We confirm a thing first .

$P$ as a 4-vector, $p$ as a 3-vector.

${m_{i0}^2}{c^2}=(\frac E {c})^2-{\left\| P \right\|}^2$ is right .

Or ${m_{i0}^2}{c^2}=(\frac E {c})^2-{\left\| p\right\|}^2$ is right.

Or just ${m_{i0}^2}{c^2}={\left\| P\right\|}^2$ is right.Of course in natural units where c = 1,

${m_{i0}^2}= E ^2-{\left\| P \right\|}^2$ is right.

Or ${m_{i0}^2}= E^2-{\left\| p\right\|}^2$ is right.

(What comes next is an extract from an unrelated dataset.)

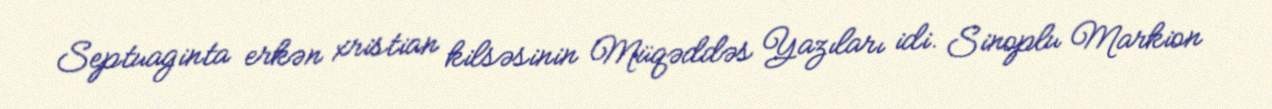
Septuaginta erkən xristian kilsəsinin Müqəddəs Yazıları idi. Sinoplu Markion

Or just ${m_{i0}^2}={\left\| P\right\|}^2$ is right. In fact $E^2-{\left\| p\right\|}^2={\left\| P\right\|}^2$I think ：

${m_{i0}^2}{c^2}=(\frac E {c})^2-{\left\| p\right\|}^2$ is right.
In natural units where c = 1,
${m_{i0}^2}= E^2-{\left\| p\right\|}^2$ is right.I don’t know whether PAllen and PeterDonis is the same means with me .

My previous calculation on the 57 floor use ${m_{i0}^2}{c^2}=(\frac E {c})^2-{\left\| p\right\|}^2$

（${m_{i0}^2}= E^2-{\left\| p\right\|}^2$）.

On the 57 floor, there are two clerical errors. $β$ should be $γ$

$P=γ_1 {m_0} { u_1} +γ_2 {m_0} { u_2}$ should be $p=γ_1 {m_0} { u_1} +γ_2 {m_0} { u_2}$

 

[PeterDonis]

$P$ as a 4-vector, $p$ as a 3-vector.

Ok.

${m_{i0}^2}{c^2}=(\frac E {c})^2-{\left\| P \right\|}^2$ is right .

No.

Or ${m_{i0}^2}{c^2}=(\frac E {c})^2-{\left\| p\right\|}^2$ is right.

Yes.

Or just ${m_{i0}^2}{c^2}={\left\| P\right\|}^2$ is right.

Yes, since ${\left\| P\right\|}^2 = (\frac E {c})^2-{\left\| p\right\|}^2$.

 

[pervect]

I'd also like to point out some of the usual sign conventions that are different than what the OP used

Modifying wiki's sign conventions to use "i c t", https://en.wikipedia.org/wiki/Four-momentum, we'd write the following for the 4-momentum, which we'll calll $\vec{P}$, where E is the energy, p_x, p_y, and p_z are the x, y, and z components of the 3-momentum.

We've basically just added the "i" to wiki's approach, wiki doesn't use the i.

$$
\vec{P}= \begin{bmatrix}
i E / c \\
p_x \\

p_y \\
p_z
\end{bmatrix}
$$

Here $p_x, p_y, p_z$ of the 3-momentum, and $\vec{P}$ is the energy- momentum 4 vector.

Then the squared magnitude of the 4-vector, $\vec{P} \cdot \vec{P}$, is just the sum of the squares of it's components, giving

$$\vec{P} \cdot \vec{P} = -E^2/c^2 + p_x^2 + p_y^2 + p_z^2$$

given that $i^2 = -1$

With this sign convention $\vec{P} \cdot \vec{P} = -m_0^2 c^2$, if I haven't made an error with the factors of c, which I usually set to 1, personally. The simplest way to see this is to set all the momentum components to zero. Then $\vec{P} \cdot \vec{P} = -(m_0^2 c^4)/c^2$

This is equivalent to Wiki's relationship

$$
E^2/c^2 = p_x^2 + p_y^2 + p_z^2 + m_0^2 c^2
$$

with a re-arrangement of terms. As far as the factors of c goes, $m_0 c$ has units of momentum, mass times velocity, so $m_0^2 c^2$ has units of momentum squared, which is what we want. The minus sign comes from the -+++ metric signature, which is convenient as we only have one factor of "i", in the 4-vector.

Note that we can write $E = \gamma m_0 c^2$, $p_x = \gamma m_0 v_x$, $p_y = \gamma m_0 v_y$, $p_z = \gamma m_0 v_z$, where $\gamma$ is the relativistic gamma factor, $1/\sqrt{1- (v_x/c)^2 - (v_y/c)^2 - (v_z/c)^2}$.

The relativistic gamma factor was apparently omitted in the OP's original formulation I believe. Wiki incoroporates it in their dicusssion in a different way.